Our data suggests that ZA has the potential to kill M1 and M2 Mϕs indirectly within tissues that are exposed to the drug and infiltrated by Vδ2+ T cells. Tumours contain an abundant population of Mϕs, which typically express M2 markers and correlate with a poor prognosis [43]. In breast cancer, CCL18 production by TAMs promotes angiogenesis and thus supports tumour growth and dissemination [44]. Furthermore, M2 Mϕs in the bone marrow of multiple myeloma patients have been shown to protect malignant cells from chemotherapy-induced apoptosis [45, 46]. In contrast, osteosarcomas can contain relatively high percentages of M1 Mϕs, which are associated with reduced metastases and improved survival [47]. The potential for ZA to render Mϕs susceptible to Vδ2+ T cells may be beneficial or detrimental depending on which type of Mϕ is present in the tumour. For example, it may be beneficial in patients with breast cancer or myeloma and could explain the promising responses to ZA reported for clinical trials in these cancer types [48, 49], whereas it may be counterproductive in osteosarcoma.

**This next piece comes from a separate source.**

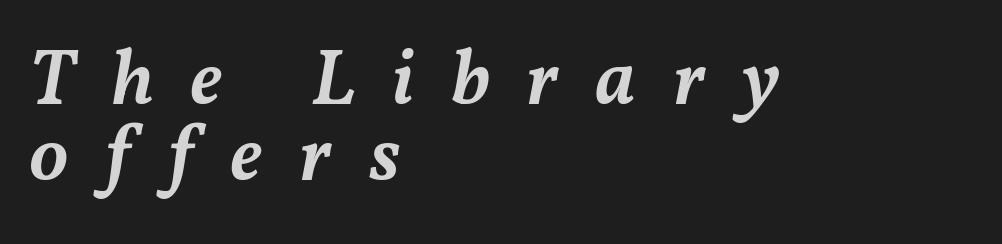
{"italic": "yes", "lean": "right", "slant_degrees": 11, "bold": "semi", "weight": "semibold", "width": "normal", "stroke_contrast": "medium", "x_height": "medium", "monospaced": "no", "underline": "no", "align": "left", "line_spacing": "tight", "line_spacing_ratio": 0.97, "letter_spacing": "wide", "letter_spacing_em": 0.47, "glyph_px": 78}

It is important to note that our study has focussed on the killing capacity of activated Vδ2+ T cells. Although it would be interesting to compare the cytotoxicity of resting and activated Vδ2+ T cells, the relatively low frequency of Vδ2+ T cells in peripheral blood meant that we were unable to isolate the number of resting Vδ2+ T cells required to perform the cytotoxicity assays used in this study. Whether or not i.v. infusion of ZA—combined with i.v. or s.c. IL-2—can activate peripheral blood Vδ2+ T cells in vivo is a point of contention. Current hypotheses state that peripheral blood monocytes take up ZA following i.v. infusion and subsequently activate Vδ2+ T cells [37]; indeed, proliferation and/or differentiation of peripheral blood Vδ2+ T cells has been reported in some patients receiving ZA and IL-2 [9,10,11]. However, Vδ2+ T cell responses were not observed in all patients [50] and it is unclear whether this is due to lack of activation or detection. Importantly, Vδ2+ T cells that are pre-activated may be more cytotoxic than resting, and thus ZA-induced targeting of Mϕs by Vδ2+ T cells in vivo may be suboptimal in patients for whom ZA and IL-2 treatment fails to activate their circulating Vδ2+ T cells, thus highlighting the importance of effective Vδ2+ T cell priming in the periphery.

In our study, Vδ2+ T cell cytotoxicity towards M0, M1 and M2 Mϕs was sensitive—at least in part—to the perforin inhibitor CMA, thus implicating a role for perforin [25]. Interestingly, CMA did not inhibit cytotoxicity completely, and the degree of inhibition varied between the different types of Mϕ; specifically, Vδ2+ T cell cytotoxicity towards M0 Mϕs was more sensitive to CMA than towards M1 Mϕs. If, in our assays, CMA blocked perforin completely, our data would suggest that other mechanisms of cell-mediated cytotoxicity are involved and that the contribution of perforin versus other mechanisms of cytotoxicity varies between the different types of Mϕ. Indeed, Vδ2+ T cells have been shown to kill target cells through the expression of Fas ligand and TRAIL [51]. However, if perforin blockade was incomplete, the variation in sensitivity to CMA that was observed between the different types of Mϕ could also be attributed to differences in their susceptibility to perforin-mediated killing under conditions of suboptimal perforin activity. Nonetheless, our data suggest that perforin plays a role, which provides a useful mechanistic marker for exploring this concept in vivo.

In conclusion, this study sheds light on a potential interaction between Vδ2+ T cells and Mϕs following ZA treatment and suggests a mechanism of action for this drug that may help its future development in cancer immunotherapy.